(EXERCISE DESCRIPTION):
Without the pictures, output the records below word for word.

══════════════════════════════

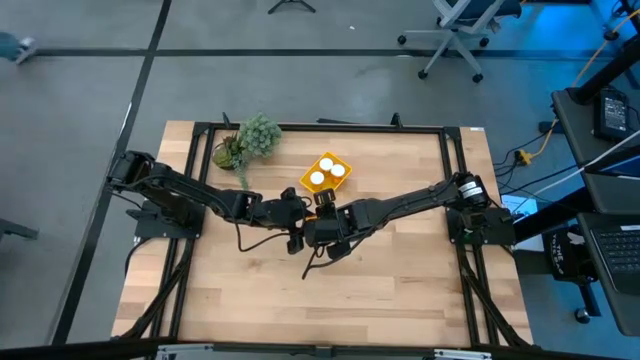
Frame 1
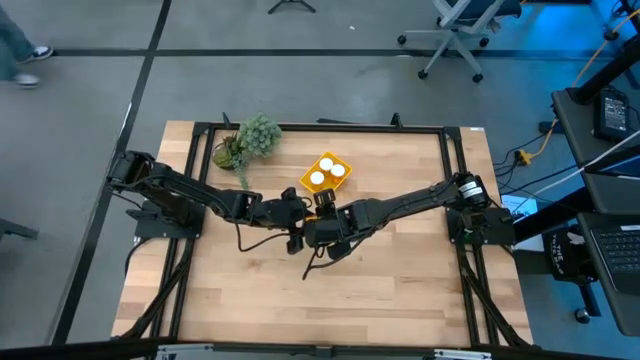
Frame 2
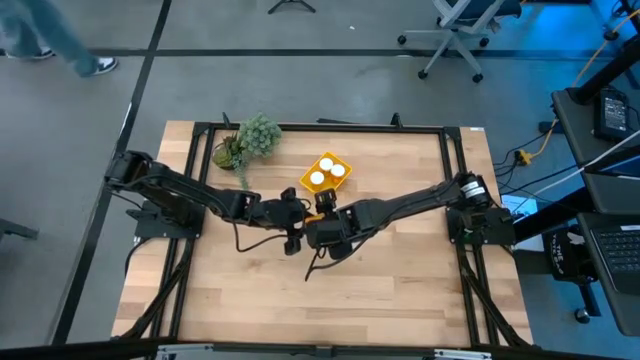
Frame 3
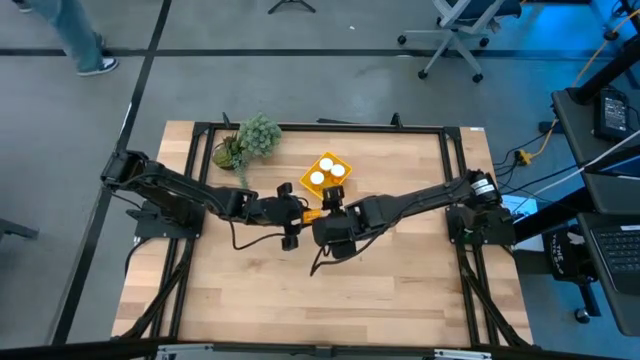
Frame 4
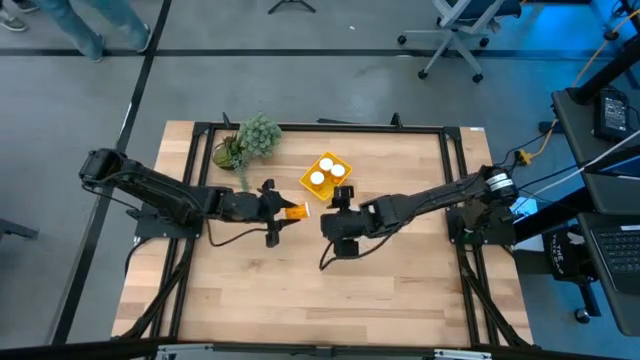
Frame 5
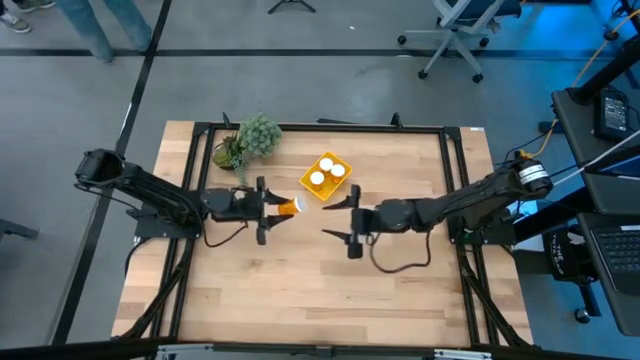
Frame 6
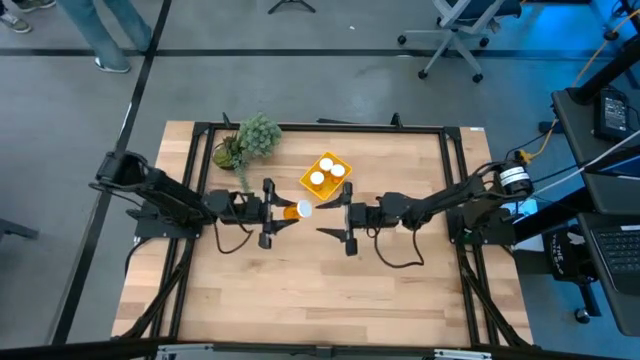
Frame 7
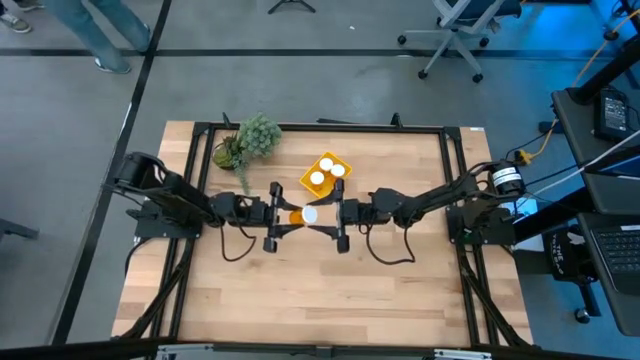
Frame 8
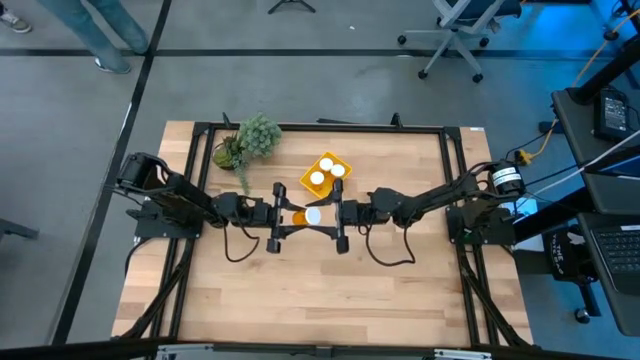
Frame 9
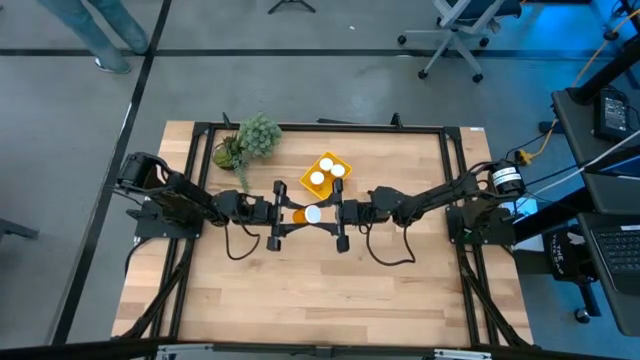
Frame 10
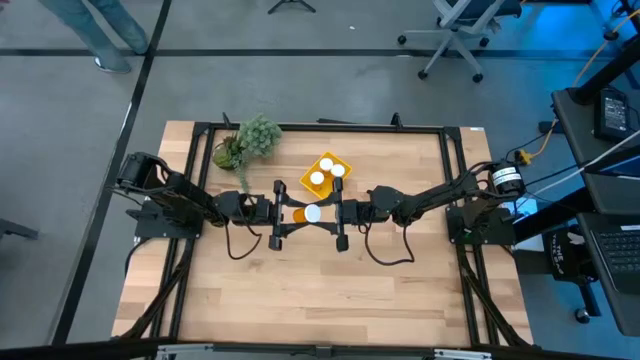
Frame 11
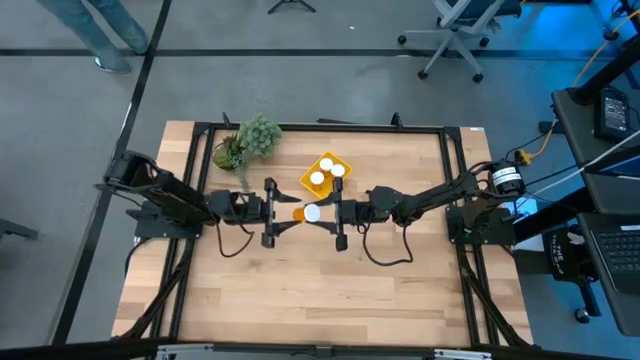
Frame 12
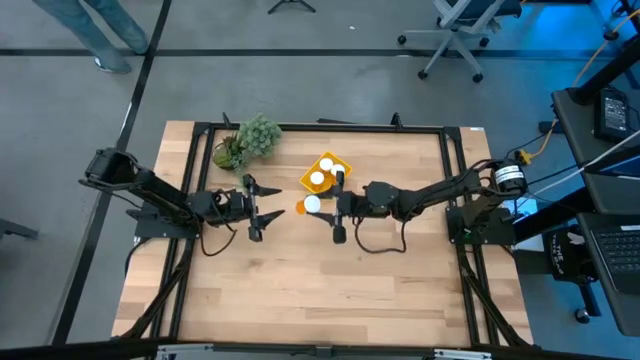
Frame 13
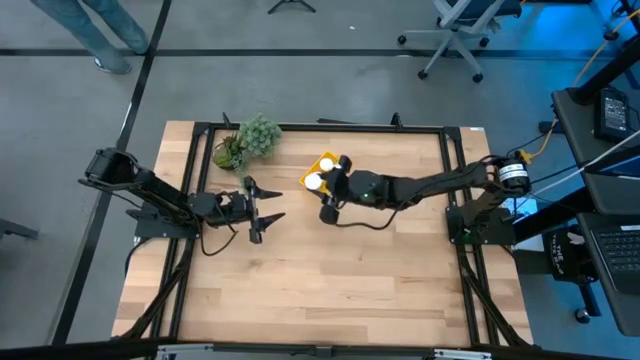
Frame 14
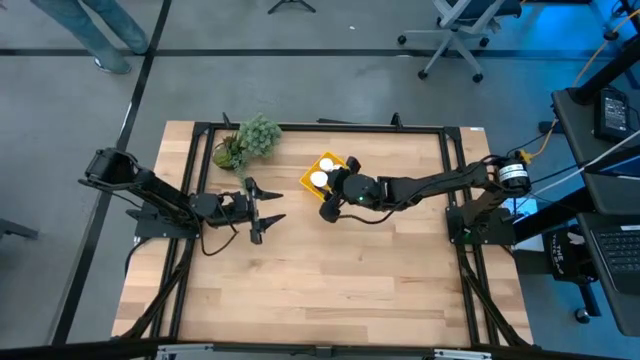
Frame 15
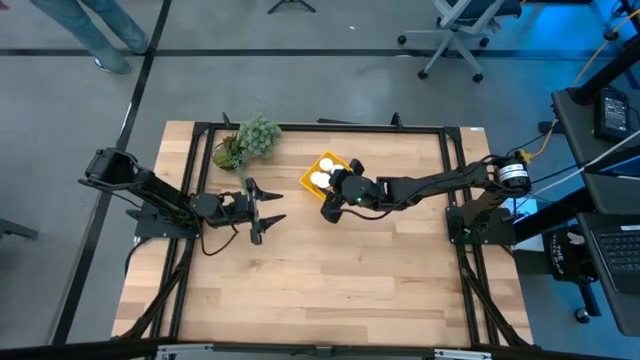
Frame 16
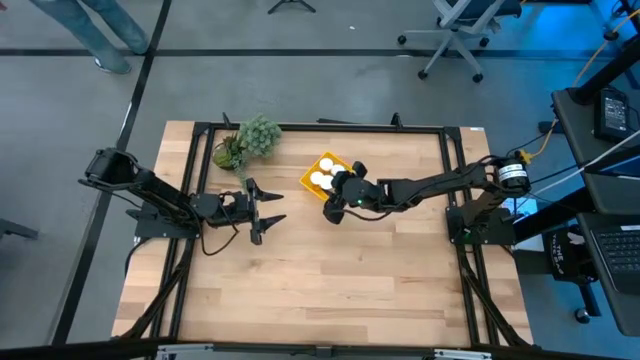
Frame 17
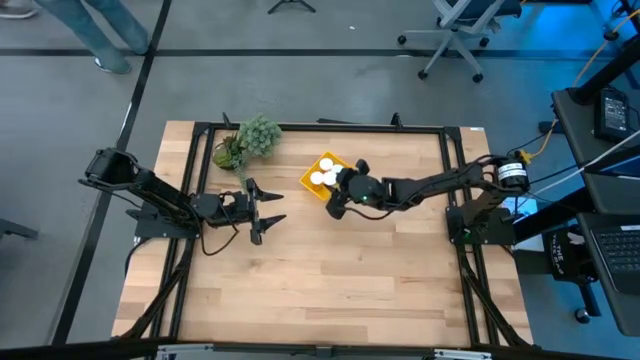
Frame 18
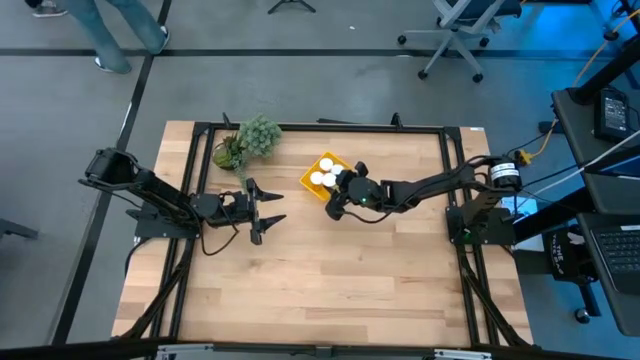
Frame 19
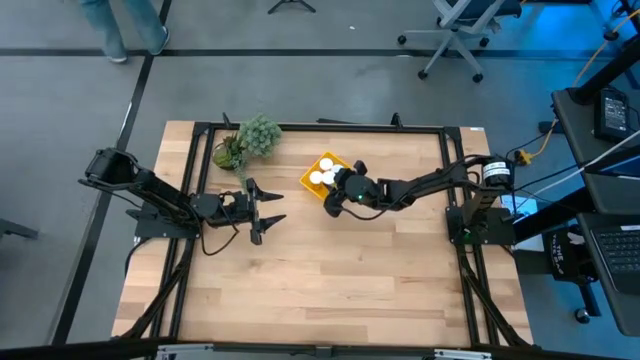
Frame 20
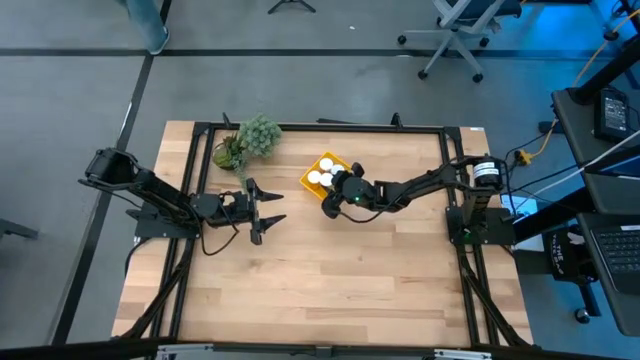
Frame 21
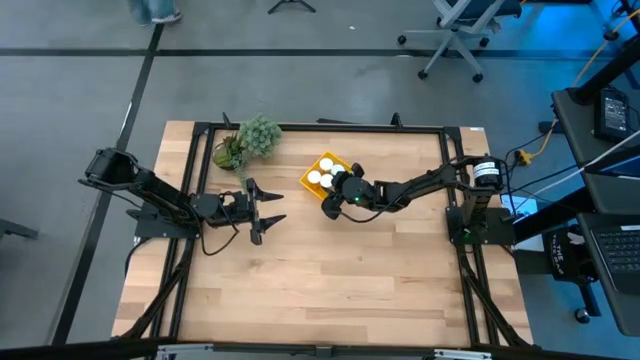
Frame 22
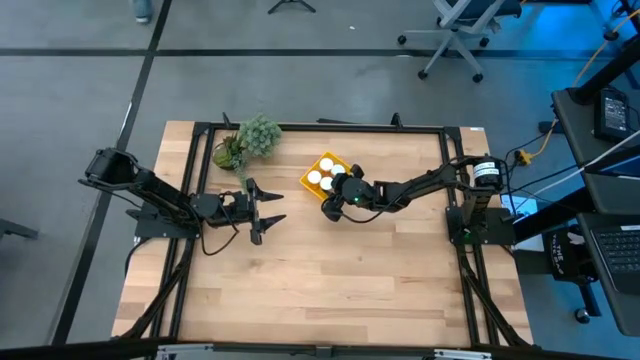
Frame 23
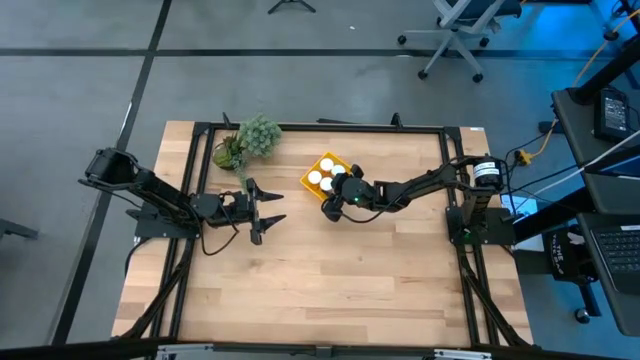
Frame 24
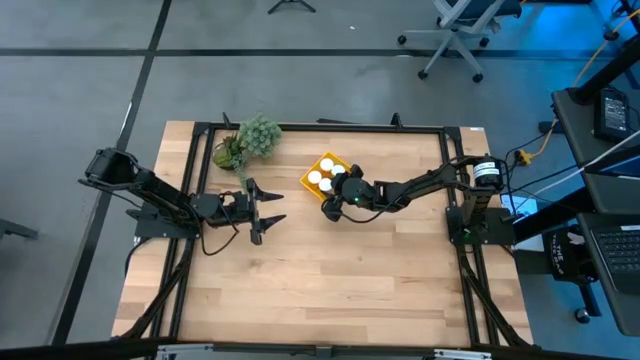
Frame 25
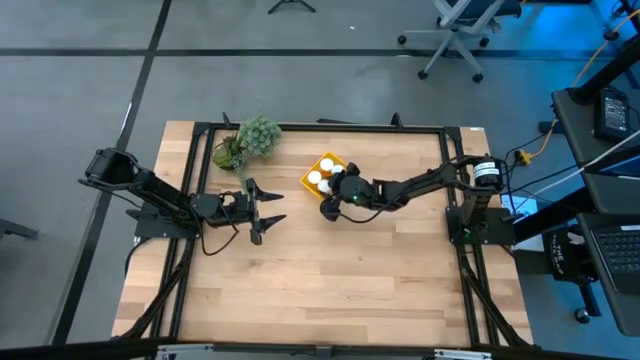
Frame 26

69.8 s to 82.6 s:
Task: Pick and place pill bottles into a basket
Put the orange pill bottle into the yellow bin

══════════════════════════════

(PROBLEM SOLUTION):
Frame 1
Frame 2
Frame 3
Frame 4
Frame 5
Frame 6
Frame 7
Frame 8
Frame 9
Frame 10
Frame 11
Frame 12
Frame 13
Frame 14
Frame 15
Frame 16
Frame 17
Frame 18
Frame 19
Frame 20
Frame 21
Frame 22
Frame 23
Frame 24
Frame 25
Frame 26

69.8 s to 82.6 s:
Task: Pick and place pill bottles into a basket
Put the orange pill bottle into the yellow bin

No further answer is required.